I like them year round as well. I have alot of fish frys and no one ever complains.


----------



## JJZFlash (Jul 16, 2009)

you think the crappies are soft up here, you should try them from kentucky. now those were soft and mushy. ya 12 hour drive for a cold front and soft crappies wont be going back any time to soon lol
:lol:


----------



## esox lucius (Jan 28, 2009)

I only keep them when caught through the ice. Fillet, chill in ice water then dry and freeze. When its fish dinner time, thaw, beer batter fry. They always taste good.


----------



## Ugly Stick (Mar 25, 2004)

9mmruger1 said:


> I love em. I keep them all year round. Fillet, cut out the lateral line bones, immerse in ice cold salt water over night and fry up in drakes. Yummie. They are softer than a gill however. Gills are better, but I won't turn down a crappie anytime, unless it's too small.

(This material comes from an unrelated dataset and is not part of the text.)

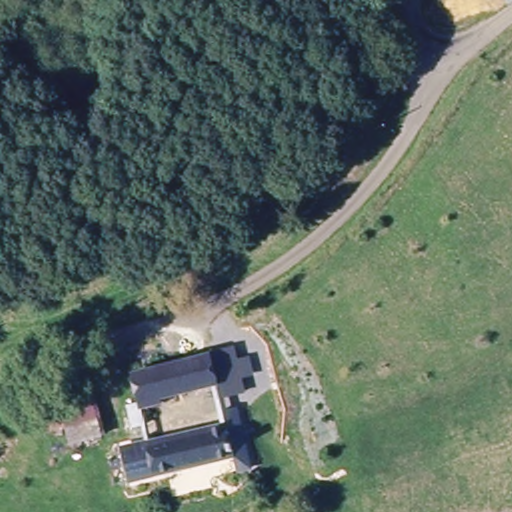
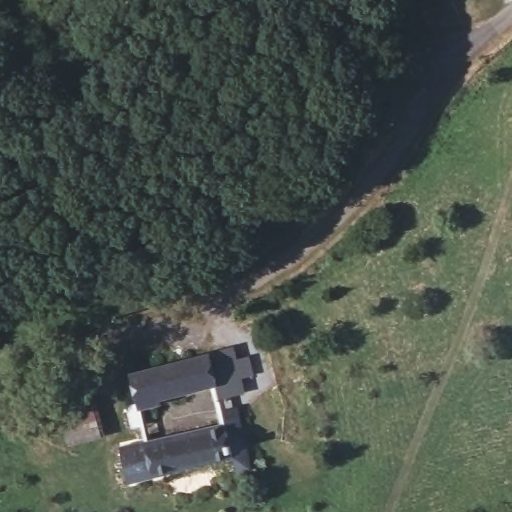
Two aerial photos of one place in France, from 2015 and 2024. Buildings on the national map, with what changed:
unchanged [(233,344),(247,383),(229,389),(226,378),(174,391),(171,397),(154,401),(158,417),(143,419),(135,394),(151,390),(144,370),(233,344)]
unchanged [(75,451),(57,384),(85,374),(106,442),(75,451)]
unchanged [(130,445),(156,439),(155,435),(230,424),(234,442),(247,441),(252,455),(165,474),(137,480),(130,445)]

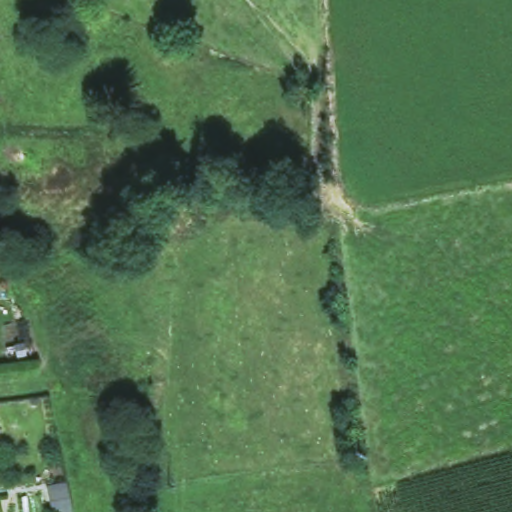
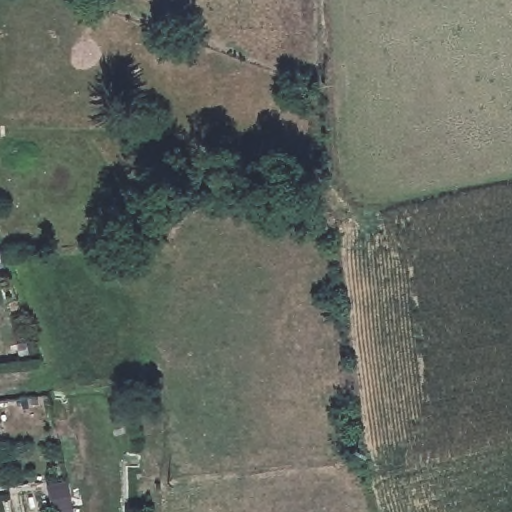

That's exactly how I do it to a tee. I soak every fish I catch overnight in saltwater unless it is going right to the fryer.


----------



## bassman00 (Feb 6, 2007)

thanks for all the inpuy guys. I caught some the other day, iced them in the fridge overnight, cooked in high temp. fast and they turned out much better that my previous batch.


----------



## WHITE-DEER-SLAYER (Oct 12, 2009)

Crappies are great! Saltwater over night and then soak in milk, then fry.


----------



## Crappie Depot (Jul 6, 2007)

To speak ill on Crappie is blasphemy. Pomoxis Nigromaculatus is a delicacy to only be enjoyed by the most skillfull and complete fisherman. If this fine fish is distateful to you, it because the Gods have not bestowed upon you the blessing to be able to totaly master this fine speciman from the lake all the way to the skillet. Shame be upon you. CRAPPIE 4 LIFE and perch too!...:lol:


----------



## Team Extreme Ice (Jan 9, 2010)

We caught a mess of them today on a private lake in freeland and was told to sprinkle salt on them then rinse in vinegar water but not sure if it works or not plan on fryin them up tomorrow.


----------



## Chrome steel (Apr 6, 2003)

I would skip out on the vinegar fish eww, fish will soak up that flavor easily no good. Also people usually soften venison steaks with venison it may just make your crappie fillets more mushier?


----------